Why J20 compels attention: The prosecution in the recent trial acknowledged that none of the six defendants participated in property destruction. Also, the fact that few, if any, of the 188 defendants awaiting trial can be shown to have acted “violently” may not legally matter.

Certainly, there have been larger mass arrests and greater police brutality, but J20 charges present an open and egregious threat to First Amendment rights. If the prosecution succeeds in the next volley of trials, federal courts can sentence anyone to decades in prison, merely for attending a protest where a law is broken. Simple acts like yelling, “Stay together,” or wearing clothes supporting a protest message could be “reasonable” proof of conspiracy charges.

At a time when Trump is already packing the courts with unqualified, conservative judges, J20 demonstrates increasingly reactionary interpretations of law. Although DC Superior Court Judge Lynn Liebovitz reduced two felony charges of the six defendants to misdemeanors – cutting their possible sentences from 60 to 50 years — she also declared that journalists filming and describing the protest, as defendant Alexie Wood did, were aiding and abetting “the riot.” Judge Liebovitz also stated that street medics (one defendant was a nurse) could be aiders and abettors if they assisted an injured “rioter.”

There’s no room here to fully explore the use of cyber-surveillance in obtaining evidence, or the encroaching presence of the far right in J20 police and trial procedure. But you should at least know that video footage of a DisruptJ20 planning meeting, secretly shot by an informant from Project Veritas (the group recently exposed for trying to discredit the Washington Post with a fake sexual-assault story) was used by the prosecution as evidence – even after the government admitted to editing it. Then there was the discipline record, revealed by the defense, of MPD Commander Keith Deville. It was Deville – written up for joking about the Holocaust and making anti-trans and anti-queer remarks – who ordered and supervised the riot-police assault on protesters.
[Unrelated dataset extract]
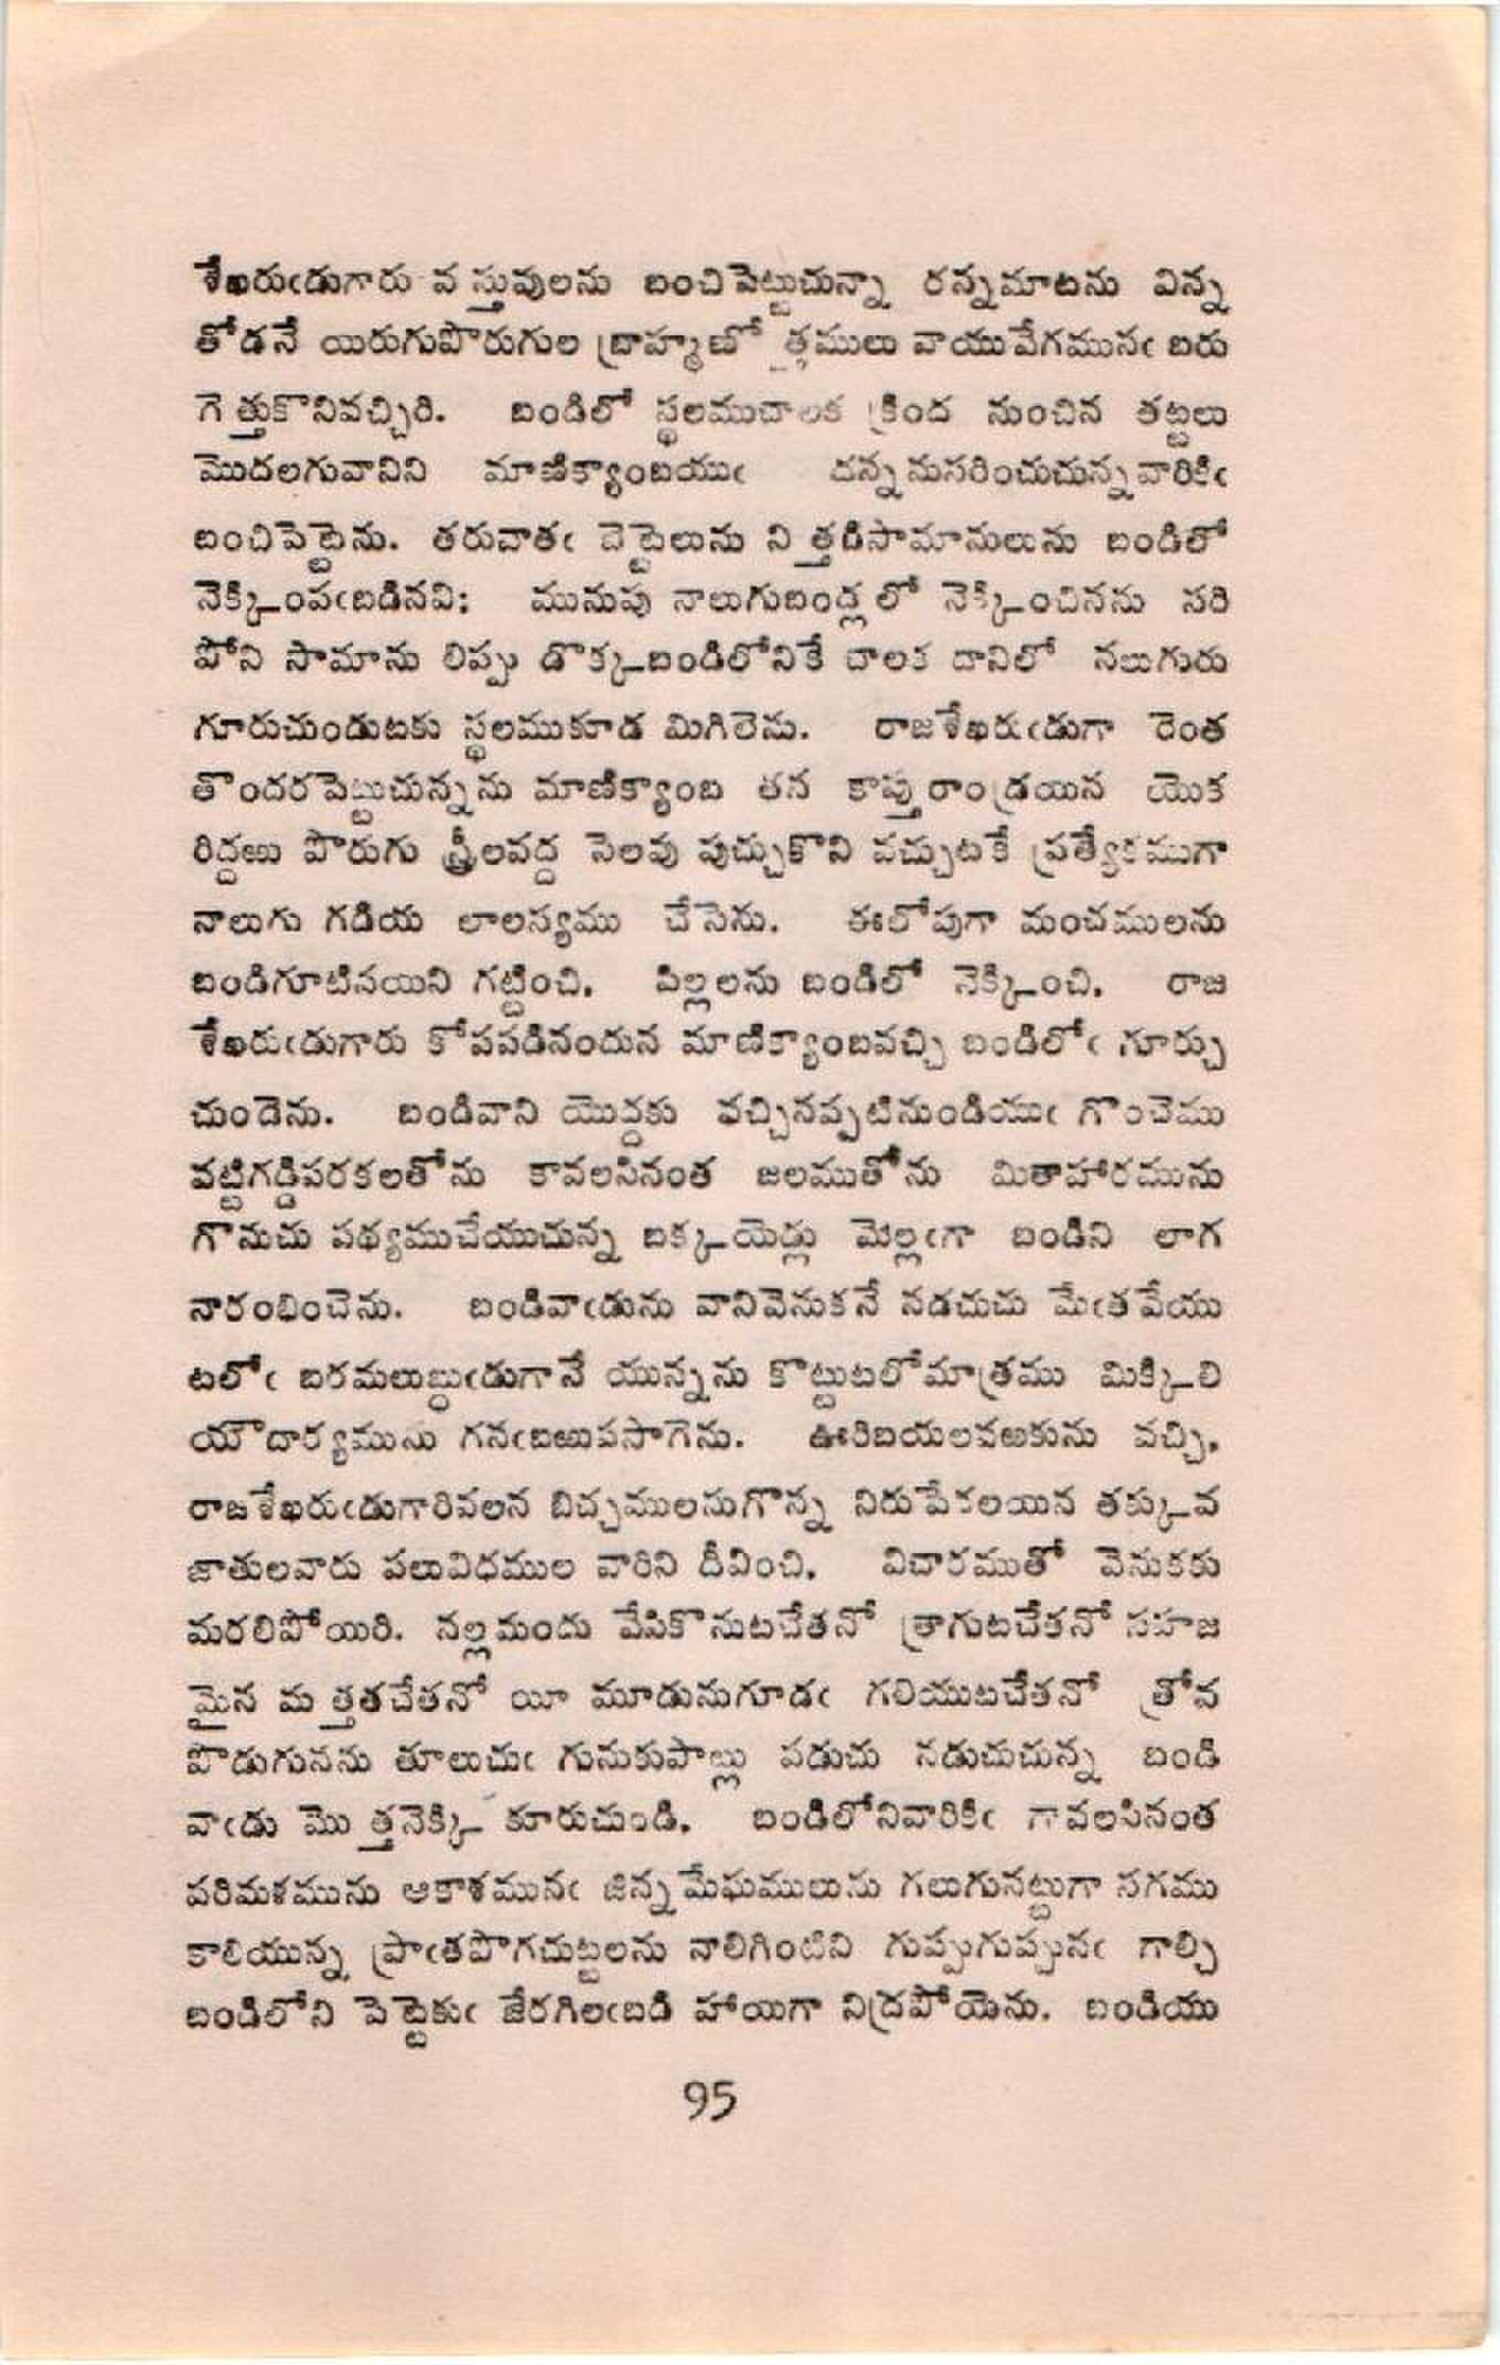శేఖరుఁడుగారు వస్తువులను బంచిపెట్టుచున్నా రన్నమాటను విన్న తోడనే యిరుగుపొరుగుల బ్రాహ్మణోత్తములు వాయువేగమునఁ బరు గెత్తుకొనివచ్చిరి. బండిలో స్థలముచాలక క్రింద నుంచిన తట్టలు మొదలగువానిని మాణిక్యాంబయుఁ దన్ననుసరించుచున్నవారికిఁ బంచిపెట్టెను. తరువాతఁ 
బెట్టెలును నిత్తడి సామానులను బండిలో నెక్కింపఁబడినవి; మునుపు నాలుగుబండ్లలో నెక్కించినను సరి పోని సామాను లిప్పు డొక్క బండిలోనికే చాలక దానిలో నలుగురు గూరుచుండుటకు స్థలముకూడ మిగిలెను. రాజశేఖరుడుగా రెంత తొందరపెట్టుచున్నను మాణిక్యాంబ తన కాప్తు రాండ్రయిన యొక రిద్దఱు పొరుగు స్త్రీల వద్ద సెలవు పుచ్చుకొని వచ్చుటకే ప్రత్యేకముగా నాలుగు గడియ లాలస్యము చేసెను. ఈలోపుగా మంచములను బండిగూటిపయిని గట్టించి, పిల్లలను బండిలో నెక్కించి, రాజ శేఖరుఁడుగారు కోపపడినందున మాణిక్యాంబవచ్చి బండిలోఁ గూర్చు చుండెను. బండివాని వద్దకు వచ్చినప్పటినుండియు గొంచెము వట్టిగడ్డిపరకలతోను కావలసినంత జలముతోను మితాహారమును గొనుచు పథ్యముచేయుచున్న బక్క యెడ్లు మెల్లఁగా బండిని లాగ నారంభించెను. బండివాఁడును వానివెనుకనే నడచుచు మేత వేయు టలో బరమలుబ్దుడుగానే యున్నను కొట్టుటలో మాత్రము మిక్కిలి యౌదార్యమును గనఁబఱుపసాగెను. ఊరిబయలవఱకును వచ్చి, రాజశేఖరుఁడు గారివలన బిచ్చములనుగొన్న నిరుపేదలయిన తక్కువ జాతులవారు పలువిధముల వారిని దీవించి, విచారముతో వెనుకకు మరలిపోయిరి. నల్లమందు వేసికొనుటచేతనో త్రాగుటచేతనో సహజ మైన మత్తతచేతనో యీ మూడునుగూడఁ గలియుటచేతనో త్రోవ పొడుగునను తూలుచుఁ గునుకుపాట్లు పడుచు నడుచుచున్న బండి వాఁడు మొత్తనెక్కి కూరుచుండి బండిలోని వారికి పరిమళమును ఆకాశమునఁ జిన్నమేఘములను గలుగునట్టుగా సగము కాలియున్న ప్రాఁతపొగచుట్టలను నాలిగింటిని గుప్పుగుప్పున గాల్చి బండిలోని పెట్టెకుఁ జేరగిలబడి హాయిగా నిద్రపోయెను. బండియు

The six J20 defendants were acquitted because their trial luckily retained some meager remnants of reason. As court adjourned, a juror explained the verdict: “The prosecution admitted, day one, that they would present no evidence that any of the defendants committed any acts of violence or vandalism. From that point … it was clear … we would find everyone not guilty.”

But even if every single defendant of the remaining 188 is acquitted over the next year, charges like those embedded in J20 can effectively intimidate anyone from going to an anti-government protest. They also point to the growing infatuation of the Trump administration with rulers like Erdoğan and Putin who deploy similar, usually worse, punishments for dissent.

In closing, three things:

1. Solidarity matters: between movements (keep up with Standing Rock, Black Lives Matter) and within cases (don’t separate “good”/nonviolent from “bad”/violent defendants).

2. Never stop valuing independent media. Virtually no mainstream outlet reported J20 thoroughly. The New York Times, instead of covering the trial, ran a Style section article, “What to Wear to Smash the State.” Whereas, a host of mostly independent outlets, including Unicorn RiotThe InterceptIn These TimesThe NationDemocracy Now!, the podcast It’s Going Down, were timely and essential.

3.  Happy New Year. Six down, 188 to go. Let’s keep in touch.